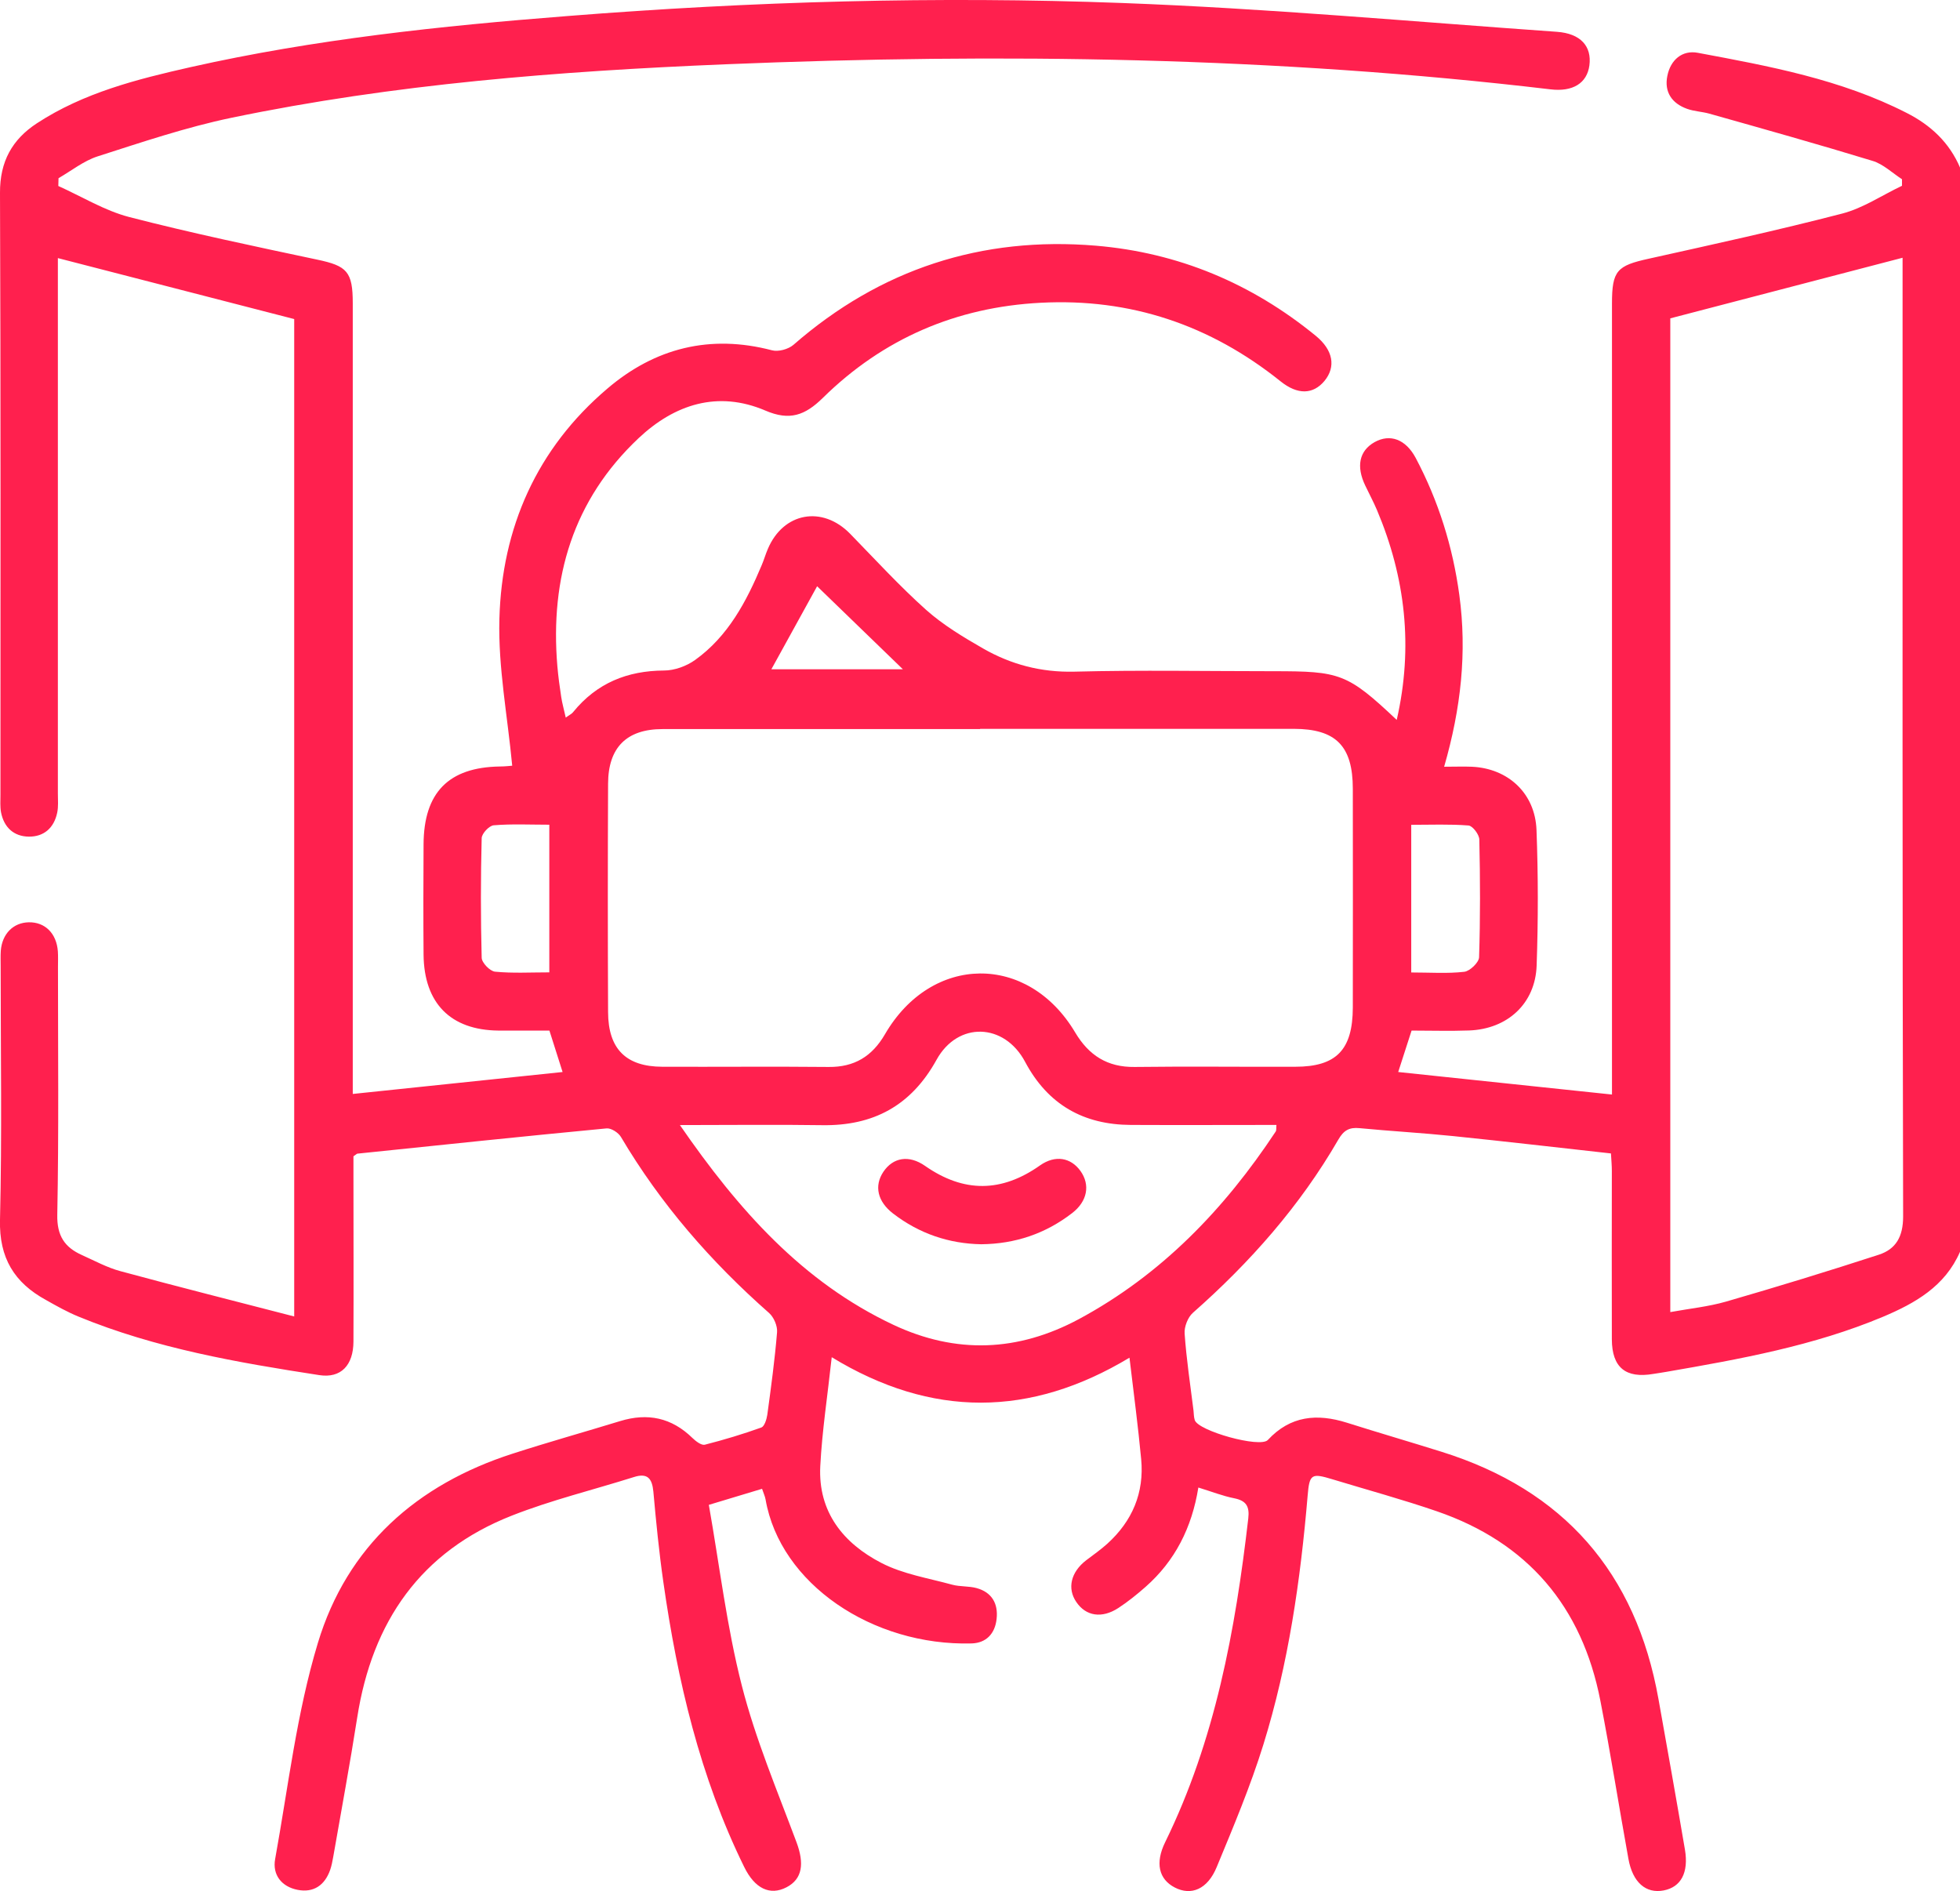 <?xml version="1.0" encoding="UTF-8" standalone="no"?><svg width='57' height='55' viewBox='0 0 57 55' fill='none' xmlns='http://www.w3.org/2000/svg'>
<g clip-path='url(#clip0_516_890)'>
<path d='M57 36.405C56.564 37.41 55.693 37.901 54.759 38.295C52.743 39.14 50.608 39.524 48.469 39.894C48.341 39.918 48.212 39.934 48.087 39.955C47.278 40.095 46.879 39.771 46.875 38.95C46.869 37.317 46.875 35.684 46.875 34.051C46.875 33.904 46.862 33.757 46.849 33.544C45.308 33.373 43.783 33.196 42.255 33.039C41.351 32.946 40.444 32.896 39.54 32.809C39.243 32.779 39.078 32.869 38.922 33.14C37.807 35.069 36.355 36.712 34.692 38.178C34.544 38.308 34.435 38.589 34.451 38.786C34.504 39.534 34.616 40.275 34.709 41.02C34.718 41.113 34.718 41.21 34.745 41.297C34.84 41.614 36.646 42.118 36.87 41.878C37.527 41.17 38.302 41.103 39.167 41.374C40.084 41.664 41.011 41.934 41.929 42.222C45.466 43.33 47.575 45.724 48.232 49.417C48.492 50.873 48.753 52.332 49.001 53.791C49.113 54.462 48.885 54.88 48.383 54.977C47.865 55.077 47.479 54.743 47.357 54.058C47.08 52.529 46.839 50.99 46.542 49.464C46.008 46.709 44.417 44.856 41.787 43.951C40.787 43.607 39.767 43.33 38.758 43.023C38.14 42.836 38.081 42.859 38.028 43.501C37.82 45.955 37.471 48.386 36.741 50.736C36.365 51.948 35.87 53.123 35.385 54.295C35.118 54.947 34.639 55.14 34.161 54.89C33.699 54.649 33.59 54.179 33.883 53.578C35.339 50.606 35.926 47.41 36.302 44.158C36.342 43.811 36.243 43.644 35.9 43.574C35.56 43.507 35.233 43.377 34.85 43.26C34.662 44.429 34.171 45.394 33.316 46.148C33.065 46.369 32.801 46.582 32.524 46.763C32.042 47.077 31.58 47 31.303 46.592C31.029 46.195 31.141 45.718 31.59 45.374C31.798 45.217 32.012 45.066 32.204 44.893C32.926 44.238 33.28 43.417 33.187 42.435C33.098 41.484 32.973 40.539 32.847 39.484C29.96 41.22 27.092 41.24 24.188 39.47C24.066 40.592 23.908 41.614 23.855 42.636C23.786 43.975 24.532 44.886 25.634 45.454C26.261 45.778 26.997 45.895 27.689 46.085C27.921 46.148 28.175 46.122 28.402 46.185C28.841 46.305 29.033 46.633 28.983 47.08C28.937 47.511 28.68 47.781 28.257 47.794C25.373 47.871 22.69 46.062 22.264 43.607C22.248 43.517 22.208 43.434 22.162 43.297C21.677 43.444 21.212 43.584 20.614 43.764C20.928 45.541 21.136 47.314 21.575 49.027C21.971 50.576 22.601 52.068 23.162 53.571C23.396 54.195 23.337 54.646 22.872 54.886C22.393 55.134 21.951 54.927 21.641 54.292C20.357 51.678 19.7 48.876 19.291 46.008C19.166 45.137 19.08 44.258 19.001 43.38C18.965 42.993 18.829 42.829 18.433 42.956C17.248 43.33 16.034 43.624 14.882 44.078C12.239 45.117 10.823 47.157 10.388 49.952C10.177 51.304 9.926 52.649 9.692 53.995C9.668 54.125 9.645 54.255 9.602 54.379C9.444 54.83 9.117 55.05 8.655 54.96C8.19 54.87 7.916 54.523 8.002 54.062C8.382 51.962 8.629 49.815 9.243 47.784C10.094 44.963 12.124 43.173 14.899 42.278C15.938 41.941 16.994 41.647 18.037 41.327C18.836 41.083 19.532 41.227 20.139 41.821C20.235 41.914 20.397 42.038 20.496 42.015C21.05 41.874 21.601 41.708 22.142 41.514C22.231 41.48 22.294 41.28 22.314 41.147C22.423 40.349 22.532 39.547 22.598 38.746C22.614 38.562 22.505 38.308 22.367 38.185C20.677 36.696 19.212 35.016 18.057 33.063C17.981 32.936 17.77 32.802 17.638 32.816C15.222 33.046 12.807 33.3 10.395 33.55C10.378 33.55 10.365 33.57 10.279 33.627C10.279 33.777 10.279 33.978 10.279 34.175C10.279 35.787 10.286 37.404 10.279 39.016C10.276 39.704 9.916 40.088 9.286 39.991C6.903 39.624 4.53 39.213 2.28 38.288C1.957 38.155 1.646 37.981 1.339 37.807C0.415 37.303 -0.027 36.582 -0 35.477C0.059 33.019 0.019 30.562 0.019 28.101C0.019 27.951 0.013 27.8 0.023 27.65C0.062 27.156 0.386 26.832 0.835 26.822C1.31 26.812 1.646 27.146 1.683 27.67C1.693 27.821 1.686 27.971 1.686 28.121C1.686 30.522 1.712 32.926 1.666 35.327C1.653 35.944 1.884 36.275 2.382 36.499C2.755 36.666 3.118 36.866 3.507 36.969C5.167 37.42 6.834 37.838 8.556 38.285V9.279C6.266 8.688 3.986 8.1 1.683 7.506C1.683 7.586 1.683 7.787 1.683 7.987C1.683 13.015 1.683 18.047 1.683 23.076C1.683 23.263 1.702 23.456 1.663 23.637C1.57 24.078 1.277 24.335 0.838 24.331C0.402 24.325 0.115 24.064 0.029 23.62C-0 23.456 0.013 23.283 0.013 23.116C0.013 17.279 0.023 11.443 -0 5.606C-0.004 4.698 0.353 4.057 1.072 3.586C2.435 2.695 3.986 2.304 5.54 1.953C9.147 1.142 12.813 0.755 16.496 0.467C21.875 0.04 27.251 -0.114 32.63 0.087C36.85 0.244 41.064 0.628 45.278 0.925C45.968 0.975 46.295 1.346 46.222 1.903C46.153 2.417 45.743 2.678 45.087 2.598C37.108 1.653 29.102 1.539 21.09 1.87C16.272 2.07 11.464 2.441 6.728 3.426C5.412 3.7 4.121 4.137 2.838 4.548C2.435 4.678 2.079 4.965 1.702 5.182C1.702 5.259 1.699 5.332 1.696 5.409C2.379 5.716 3.039 6.124 3.755 6.311C5.563 6.778 7.395 7.162 9.223 7.55C10.094 7.733 10.259 7.9 10.259 8.822C10.259 16.254 10.259 23.687 10.259 31.116C10.259 31.337 10.259 31.557 10.259 31.814C12.325 31.597 14.328 31.39 16.361 31.176C16.235 30.786 16.113 30.402 15.978 29.971C15.49 29.971 14.991 29.974 14.493 29.971C13.104 29.957 12.332 29.176 12.318 27.764C12.309 26.695 12.312 25.623 12.318 24.555C12.325 23.046 13.048 22.315 14.533 22.291C14.691 22.291 14.853 22.271 14.896 22.268C14.76 20.822 14.486 19.413 14.523 18.007C14.592 15.343 15.615 13.042 17.661 11.303C19.05 10.117 20.654 9.717 22.449 10.187C22.634 10.237 22.924 10.157 23.073 10.03C25.607 7.82 28.554 6.868 31.87 7.145C34.26 7.346 36.395 8.237 38.266 9.767C38.771 10.181 38.856 10.668 38.517 11.079C38.187 11.473 37.738 11.489 37.24 11.089C35.194 9.449 32.874 8.668 30.264 8.805C27.815 8.932 25.686 9.843 23.928 11.573C23.41 12.081 22.964 12.244 22.258 11.94C20.875 11.349 19.618 11.757 18.569 12.745C16.671 14.535 15.991 16.799 16.209 19.373C16.235 19.673 16.275 19.971 16.321 20.268C16.348 20.451 16.4 20.628 16.453 20.869C16.546 20.799 16.625 20.765 16.671 20.705C17.357 19.864 18.242 19.506 19.311 19.5C19.614 19.5 19.964 19.373 20.215 19.193C21.172 18.508 21.707 17.496 22.152 16.435C22.218 16.281 22.264 16.117 22.33 15.964C22.782 14.899 23.914 14.695 24.723 15.523C25.452 16.271 26.158 17.042 26.934 17.737C27.429 18.177 28.013 18.528 28.59 18.859C29.405 19.326 30.277 19.556 31.244 19.533C33.171 19.483 35.101 19.52 37.032 19.52C38.962 19.52 39.18 19.577 40.619 20.936C41.104 18.815 40.873 16.795 40.044 14.832C39.942 14.591 39.817 14.361 39.705 14.124C39.434 13.56 39.53 13.109 39.975 12.858C40.424 12.608 40.879 12.772 41.17 13.316C41.833 14.568 42.249 15.897 42.44 17.306C42.665 18.969 42.49 20.592 41.998 22.298C42.305 22.298 42.556 22.288 42.803 22.298C43.856 22.345 44.645 23.069 44.684 24.138C44.734 25.45 44.734 26.765 44.688 28.078C44.651 29.183 43.843 29.927 42.724 29.968C42.17 29.988 41.615 29.971 41.051 29.971C40.916 30.385 40.794 30.769 40.662 31.176C42.724 31.393 44.76 31.607 46.879 31.831C46.879 31.61 46.879 31.393 46.879 31.176C46.879 23.727 46.879 16.274 46.879 8.825C46.879 7.87 47.024 7.726 47.951 7.523C49.829 7.105 51.71 6.695 53.574 6.211C54.181 6.054 54.736 5.676 55.313 5.403V5.212C55.03 5.029 54.766 4.771 54.455 4.678C52.881 4.197 51.297 3.753 49.713 3.306C49.499 3.246 49.268 3.239 49.063 3.165C48.624 3.008 48.393 2.678 48.489 2.207C48.581 1.743 48.921 1.449 49.377 1.536C51.452 1.923 53.535 2.307 55.445 3.282C56.145 3.636 56.693 4.144 57.006 4.885V36.415L57 36.405ZM28.501 21.203C25.422 21.203 22.347 21.203 19.268 21.203C18.225 21.203 17.687 21.737 17.684 22.792C17.674 25.006 17.674 27.22 17.684 29.433C17.687 30.505 18.206 31.019 19.258 31.023C20.872 31.029 22.485 31.013 24.099 31.029C24.842 31.036 25.36 30.726 25.736 30.078C27.092 27.744 29.894 27.717 31.267 30.024C31.666 30.695 32.207 31.039 32.996 31.029C34.553 31.009 36.111 31.029 37.669 31.023C38.863 31.023 39.338 30.532 39.342 29.303C39.345 27.183 39.345 25.063 39.342 22.942C39.342 21.694 38.85 21.199 37.629 21.196C34.586 21.196 31.547 21.196 28.505 21.196L28.501 21.203ZM48.575 9.259V38.158C49.139 38.055 49.68 38.001 50.192 37.854C51.683 37.423 53.165 36.969 54.64 36.489C55.132 36.328 55.346 35.971 55.346 35.377C55.323 26.241 55.33 17.109 55.33 7.974C55.33 7.777 55.33 7.58 55.33 7.496C53.069 8.087 50.839 8.668 48.572 9.259H48.575ZM19.77 32.715C21.479 35.193 23.343 37.287 25.983 38.529C27.802 39.383 29.604 39.313 31.376 38.362C33.775 37.07 35.603 35.17 37.098 32.909C37.124 32.873 37.111 32.809 37.121 32.715C35.695 32.715 34.293 32.722 32.887 32.715C31.514 32.709 30.475 32.128 29.811 30.879C29.207 29.744 27.855 29.7 27.237 30.819C26.498 32.158 25.396 32.746 23.908 32.722C22.578 32.702 21.245 32.719 19.766 32.719L19.77 32.715ZM15.975 23.984C15.42 23.984 14.886 23.957 14.358 24.001C14.226 24.011 14.011 24.241 14.008 24.375C13.978 25.533 13.978 26.695 14.008 27.854C14.011 27.997 14.249 28.245 14.397 28.258C14.905 28.308 15.424 28.278 15.975 28.278V23.981V23.984ZM41.038 28.281C41.592 28.281 42.094 28.318 42.586 28.261C42.747 28.241 43.008 27.991 43.014 27.841C43.051 26.699 43.047 25.557 43.021 24.418C43.021 24.271 42.826 24.017 42.708 24.007C42.163 23.964 41.615 23.987 41.041 23.987V28.281H41.038ZM23.763 17.049C23.32 17.857 22.872 18.668 22.433 19.463H26.257C25.422 18.655 24.611 17.87 23.763 17.049Z' fill='#FF204E'/>
<path d='M28.535 36.185C27.598 36.168 26.736 35.878 25.974 35.293C25.519 34.943 25.416 34.489 25.69 34.078C25.971 33.66 26.433 33.577 26.905 33.908C28.03 34.692 29.129 34.682 30.247 33.891C30.69 33.58 31.142 33.664 31.422 34.054C31.709 34.455 31.627 34.936 31.178 35.28C30.403 35.878 29.525 36.175 28.535 36.185Z' fill='#FF204E'/>
</g>
<defs>
<clipPath id='clip0_516_890'>
<rect width='57' height='55' fill='white'/>
</clipPath>
</defs>
</svg>

────────────────

> _Requirement_
Each line from the top of the material through the line containing "<g clip-path='url(#clip0_516_890)'>" should be reproduced exactly; please drop any images.

> _Answer below_
 <?xml version="1.0" encoding="UTF-8" standalone="no"?><svg width='57' height='55' viewBox='0 0 57 55' fill='none' xmlns='http://www.w3.org/2000/svg'>
<g clip-path='url(#clip0_516_890)'>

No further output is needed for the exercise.